In the copy, include no images. Reproduce the entries exactly.

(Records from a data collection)
::::::::::

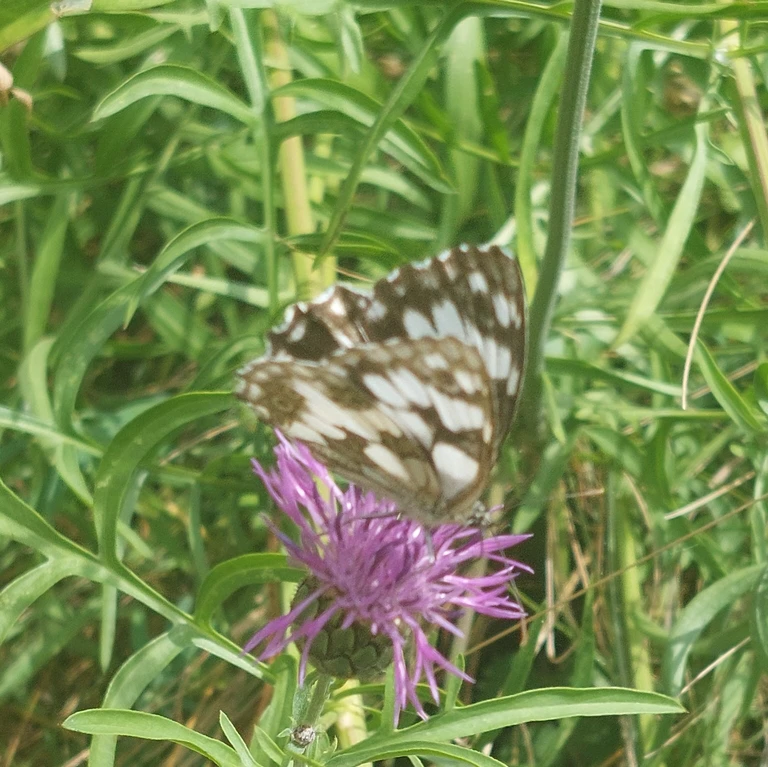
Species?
Melanargia galathea
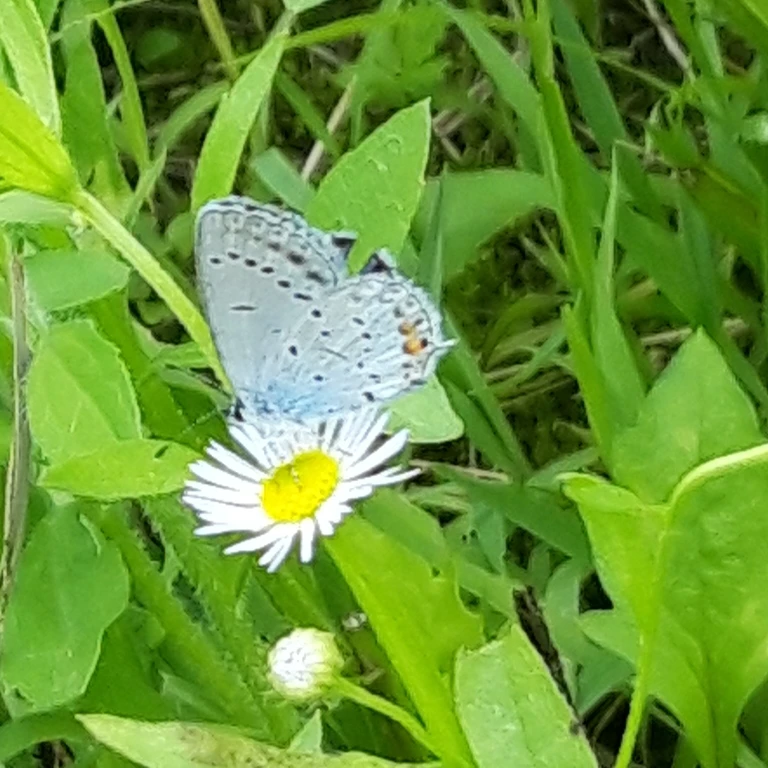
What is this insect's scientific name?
Cupido argiades (also Elkalyce argiades)
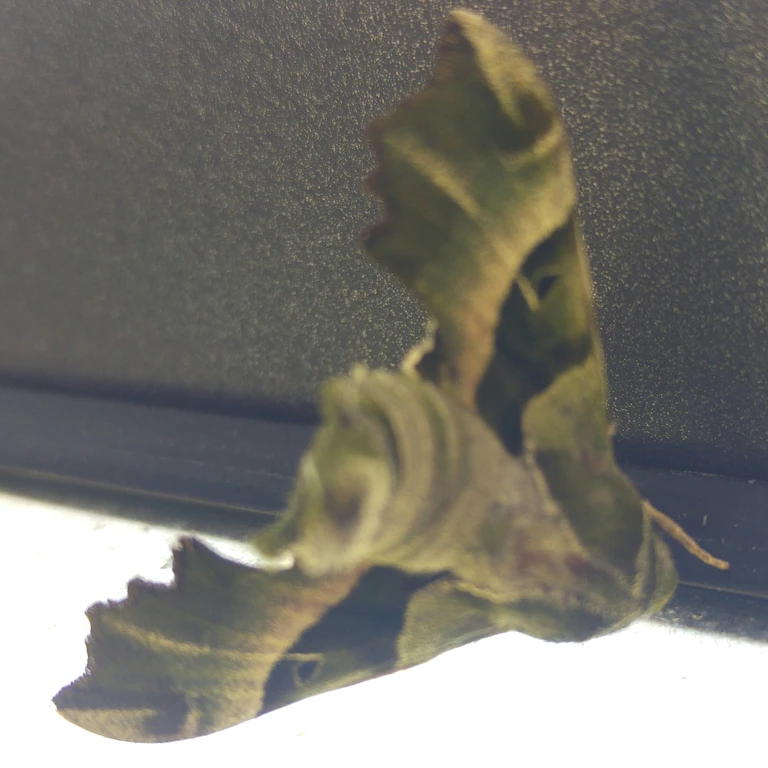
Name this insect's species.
Mimas tiliae
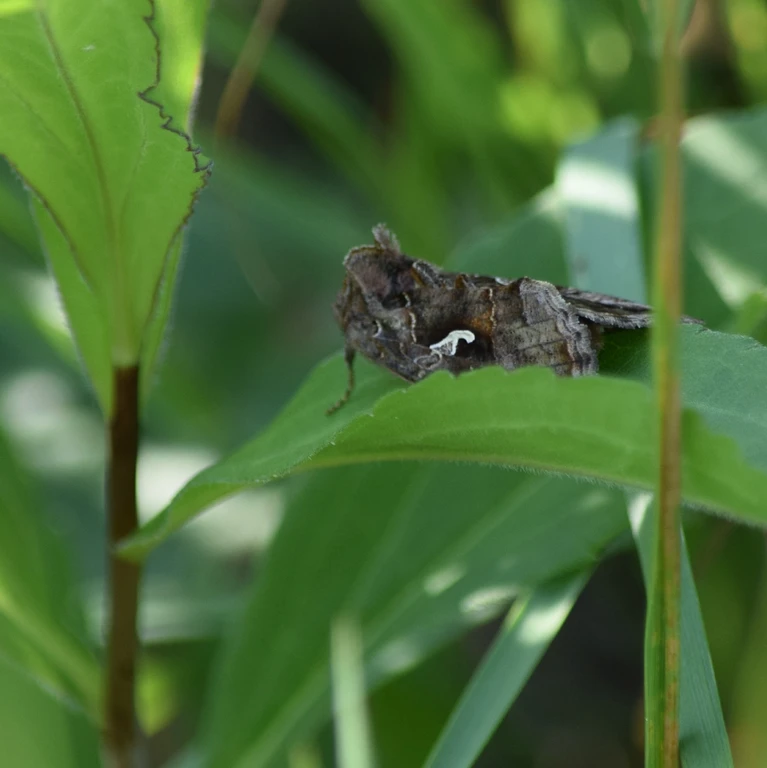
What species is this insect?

::::::::::

## Solution to this task
Species?
Melanargia galathea
What is this insect's scientific name?
Cupido argiades (also Elkalyce argiades)
Name this insect's species.
Mimas tiliae
What species is this insect?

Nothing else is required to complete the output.